Hubs were identified within the left and right opercular parts of the inferior frontal gyrus, right inferior parietal gyrus, and left angular gyrus in individuals with no FH, whereas individuals with FH had hubs within the left and right opercular parts of the inferior frontal gyrus, right inferior parietal gyrus, left angular gyrus, and right precuneus. Both individuals of healthy WHR and individuals who were obese had hubs within the left and right opercular parts of the inferior frontal gyrus, right inferior parietal gyrus, and left angular gyrus. In participants without the APOE4 allele, hubs were identified in the left and right opercular parts of the inferior frontal gyrus, right inferior parietal gyrus, left angular gyrus, and right precuneus, whereas individuals who carry APOE4 had hubs within the left and right opercular parts of the inferior frontal gyrus, left and right inferior parietal gyri, and left angular gyrus.

As opposed to the analysis of the whole brain, there were no consistent differences of hubs within the DMN as a result of risk factor profile. Individuals without an FH compared with those with an FH gained a hub within the right precuneus, whereas this hub was lost in the transition between APOE4 noncarriers and carriers and instead they gained a hub in the left inferior parietal gyrus (Table 8).

Analysis of internally important nodes/hubs in the visual subnetwork

Replicator dynamics identified internally important nodes within the right calcarine fissure, right middle occipital lobe, and right inferior occipital lobe of the visual subnetwork.
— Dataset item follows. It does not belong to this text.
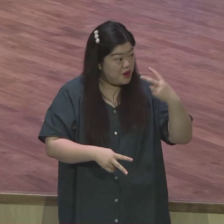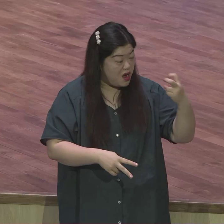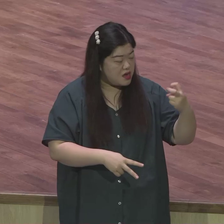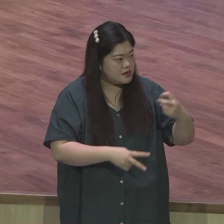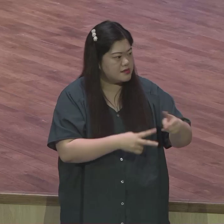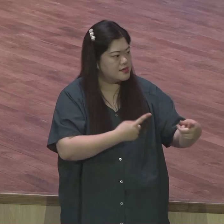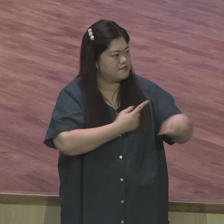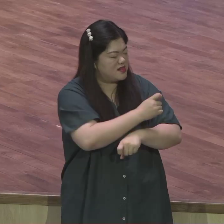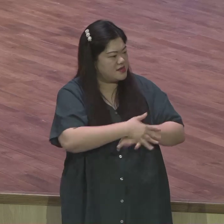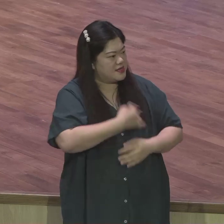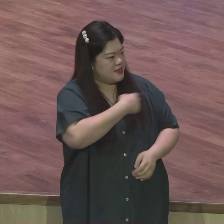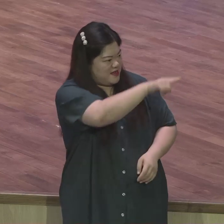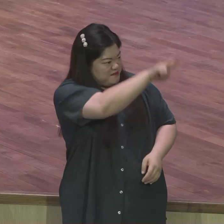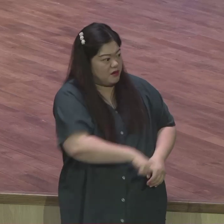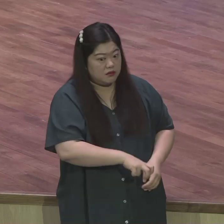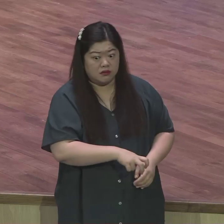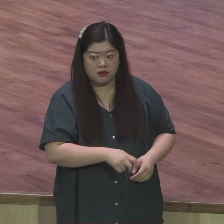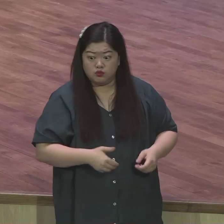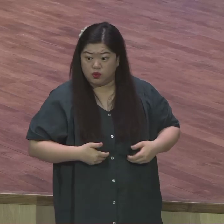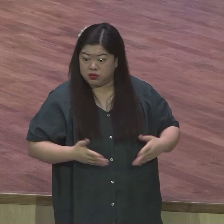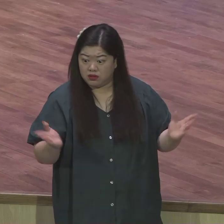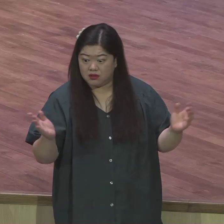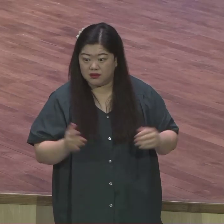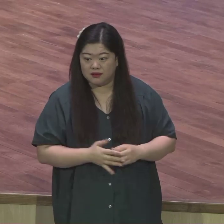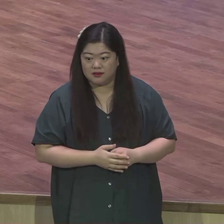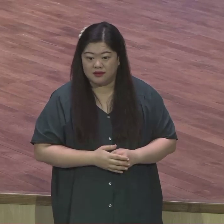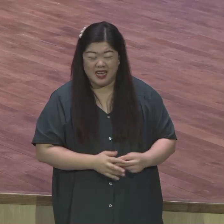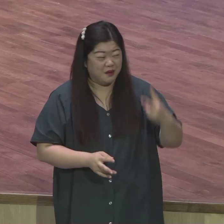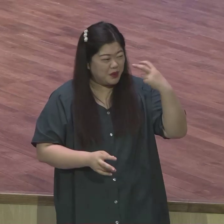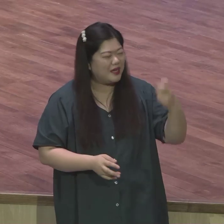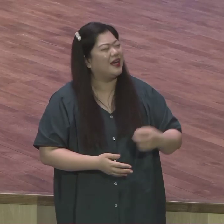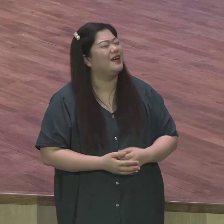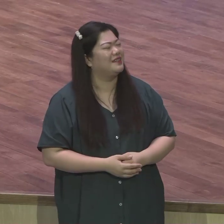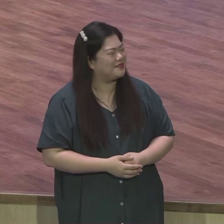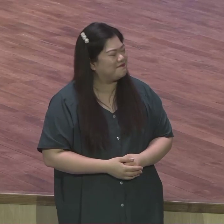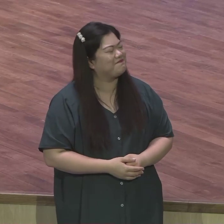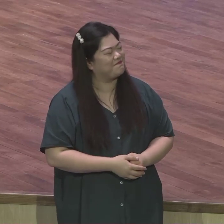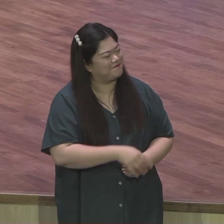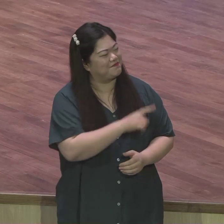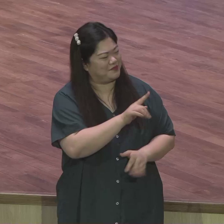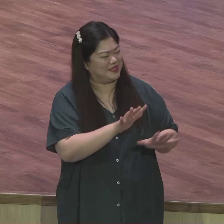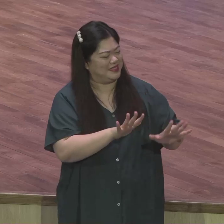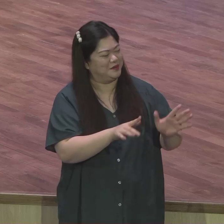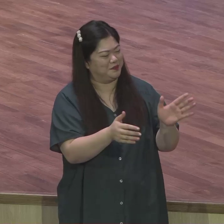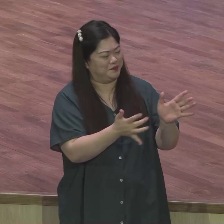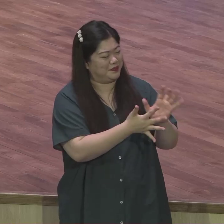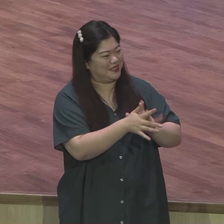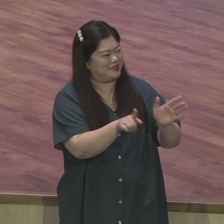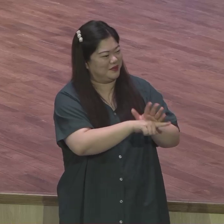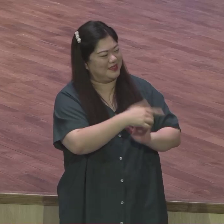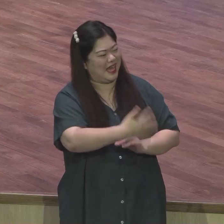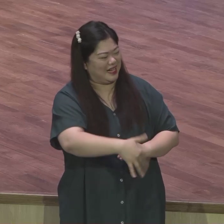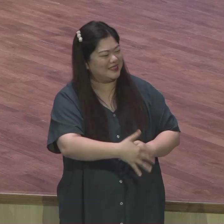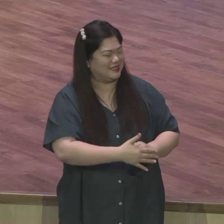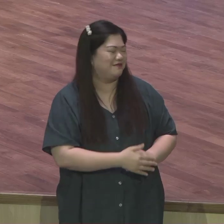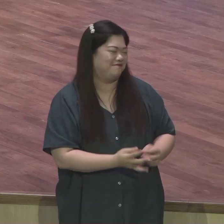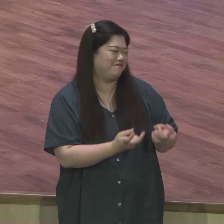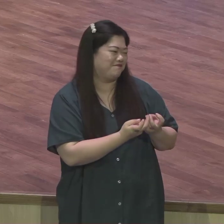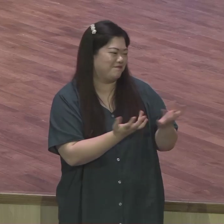언젠가 크게 부끄러워할 거야 당당하죠 여러분 이 바울이 말이죠 바울을 비방하는데 바울은

Each of these hubs was identified regardless of risk factor profile, suggesting that AD risk has no effect on hubs within the visual network (Table 8).

Assessment of our analysis

Our findings would benefit from replication in a larger sample due to the fragmentation of the initial sample into subgroups with the different risk profiles. It would also be beneficial for structural network analyses to include measures that are believed to play a more important role in the functional performance of the brain, such as myelination of the white matter tracts (Messaritaki et al., 2021) and axonal diameter. We finally note that the thresholding of structural connectivity matrices derived from tractography is still an issue of debate. Buchanan and colleagues (2020), Civier and colleagues (2019), and Drakesmith and colleagues (2015) have shown the possible effects of thresholding when different tractography methods are used. In our analysis, we adopted a modest thresholding of five streamlines, to reduce possible false positives.